Tuesday, 10 June 2008

Eating in: Cakes!

I was in Jusco yesterday and there was a promotion going on. Soft cheesecake is selling for only RM9.90 instead of the usual RM12. There were a tray of cut cheesecake in cubes for sampling. Being deprived of cheesecakes LATELY *ahem* I went to sample it. Though not as rich as other cheesecakes and being health-conscious now, I decided to buy one.



It's not a very big cake, but still I managed to slice into 10 pieces. Hui Bao and Nelson were here yesterday, so each of them had a slice. There are still few slices left in the fridge. Anyone?
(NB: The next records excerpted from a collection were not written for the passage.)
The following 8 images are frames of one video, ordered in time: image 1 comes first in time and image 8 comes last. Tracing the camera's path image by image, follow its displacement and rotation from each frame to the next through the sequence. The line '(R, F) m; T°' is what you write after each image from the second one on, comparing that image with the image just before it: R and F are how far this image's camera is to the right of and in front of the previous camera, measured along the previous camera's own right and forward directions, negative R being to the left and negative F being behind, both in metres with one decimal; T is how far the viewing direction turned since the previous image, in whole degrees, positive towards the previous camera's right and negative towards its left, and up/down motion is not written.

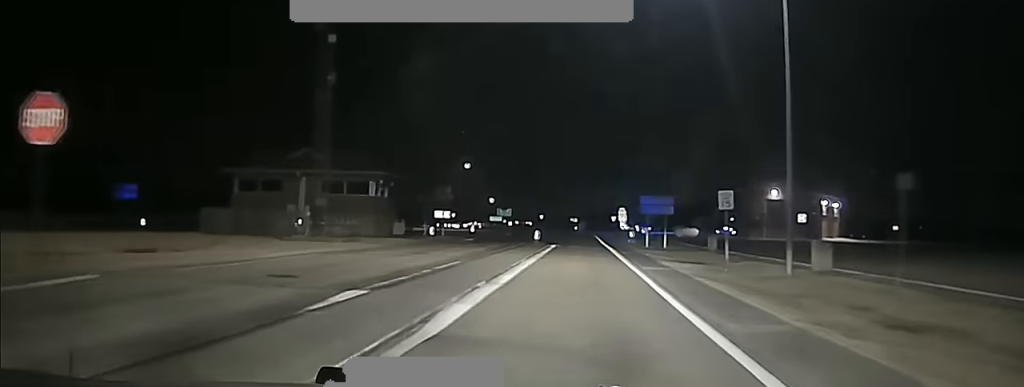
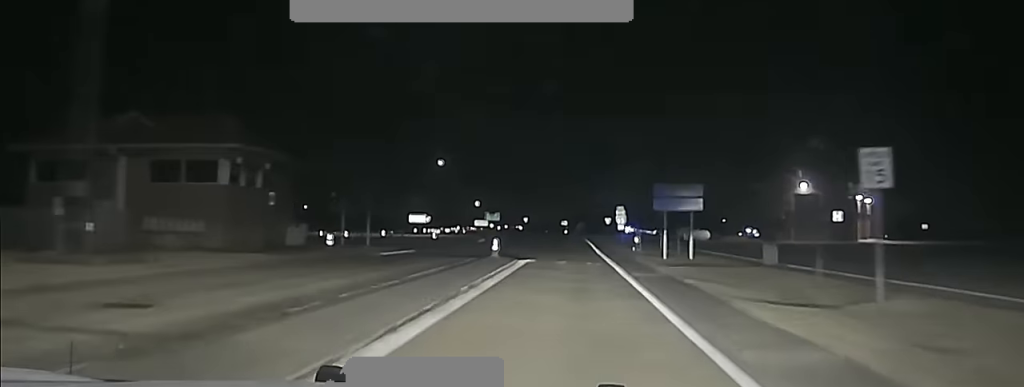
(+0.2, +21.6) m; -1°
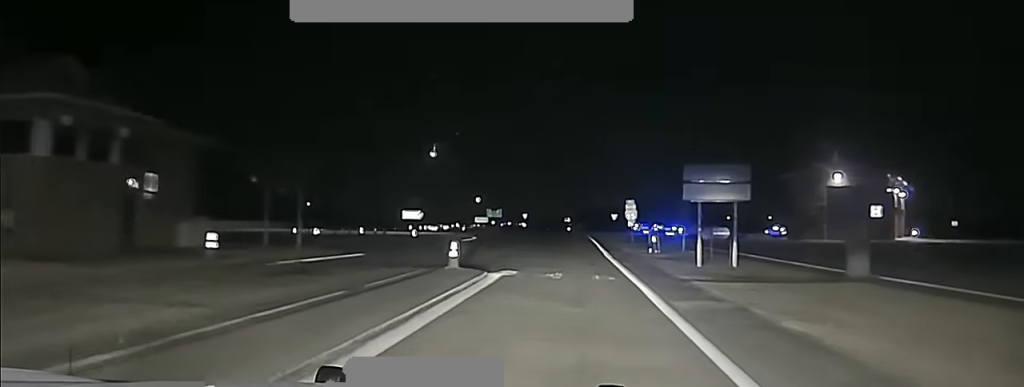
(-0.2, +11.9) m; 0°
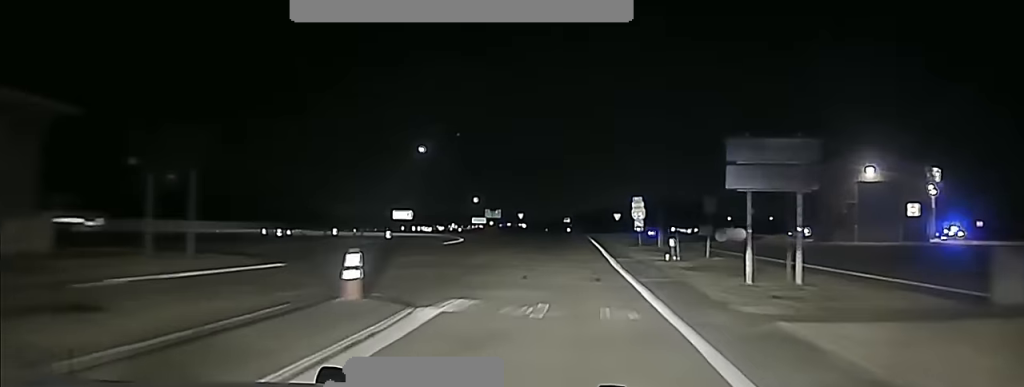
(-0.2, +10.3) m; 0°
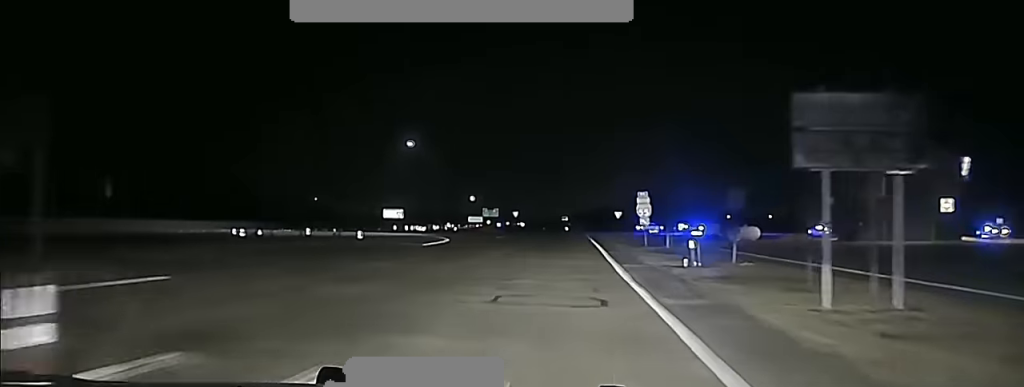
(+0.2, +7.4) m; 0°
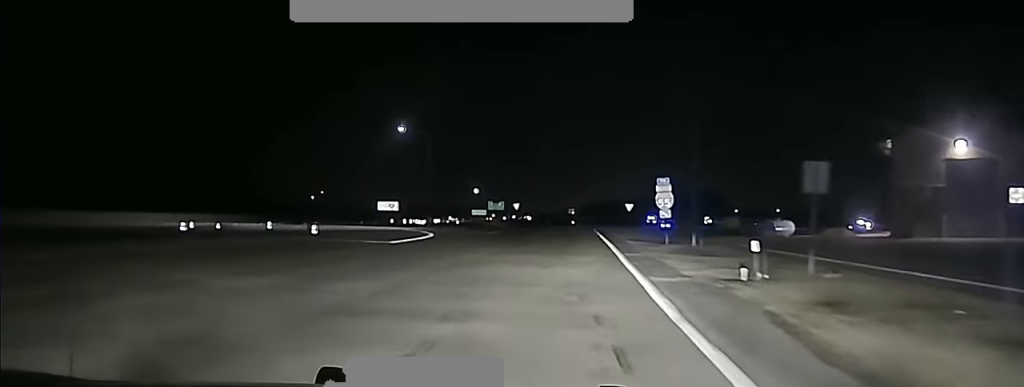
(+0.1, +10.8) m; -1°
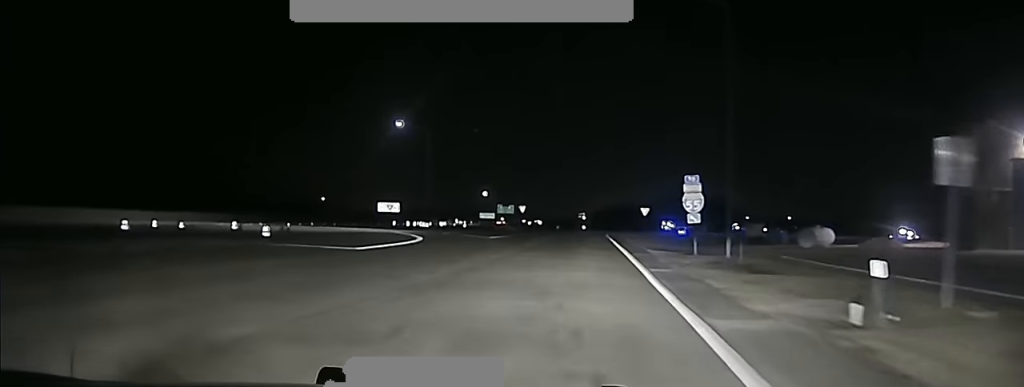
(0.0, +7.4) m; -1°
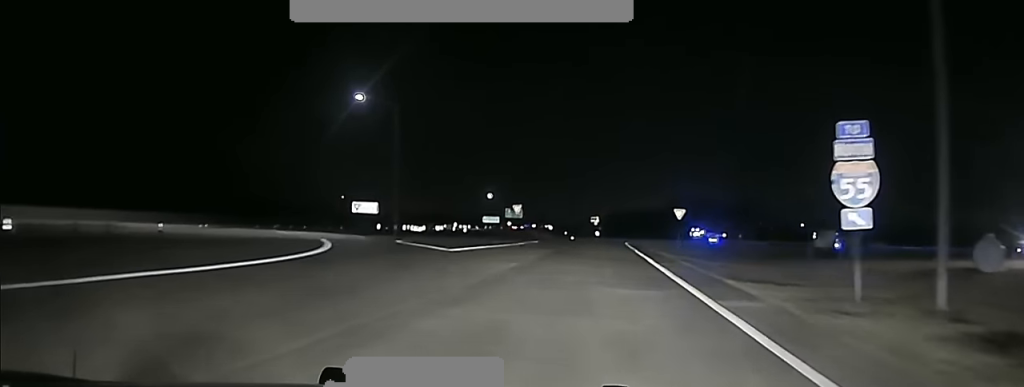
(-0.5, +22.4) m; 0°

Earlier today, my mom wants to bake Green Tea Chiffon Cake. So I helped her with whisking the egg white with sugar and washing the utensils. Tired ler, my arms are sore from the pilates lesson yesterday and I had to whisk the eggs till foamy. Not easy hoR...

Pictured above is the mixed batter after pouring into the tube pan, ready to be put into oven.



This is how the chiffon cake looks like after baking for 30 minutes. It is still cooling down as I'm writing this. It is another simple recipe that my mom pulled out from our daily.

Green Tea Chiffon Cake

6 eggs, separated
150g sugar
100g self-raising flour
2½ teaspoon of green tea powder
70ml fresh milk
3½ tablespoon of corn oil
Pinch of salt

1. Beat egg yolks until thick. Add 100g of sugar. Then beat until creamy.
2. Combine milk, green tea powder and oil, stir slowly into egg yolks.
3. In another bowl, whisk egg whites and salt until foamy. Slowly add in remaining sugar and whisk until mixture is stiff.
4. Pour a quarter of egg yolk mixture and flour into egg white. Stir well.
5. Add remaining egg yolk mixture and stir until well blended.
6. Pour batter into tube pan and bake!

Remember to preheat oven in 180°C. Bake if for 30 minutes. Remember to invert the tube pan to cool.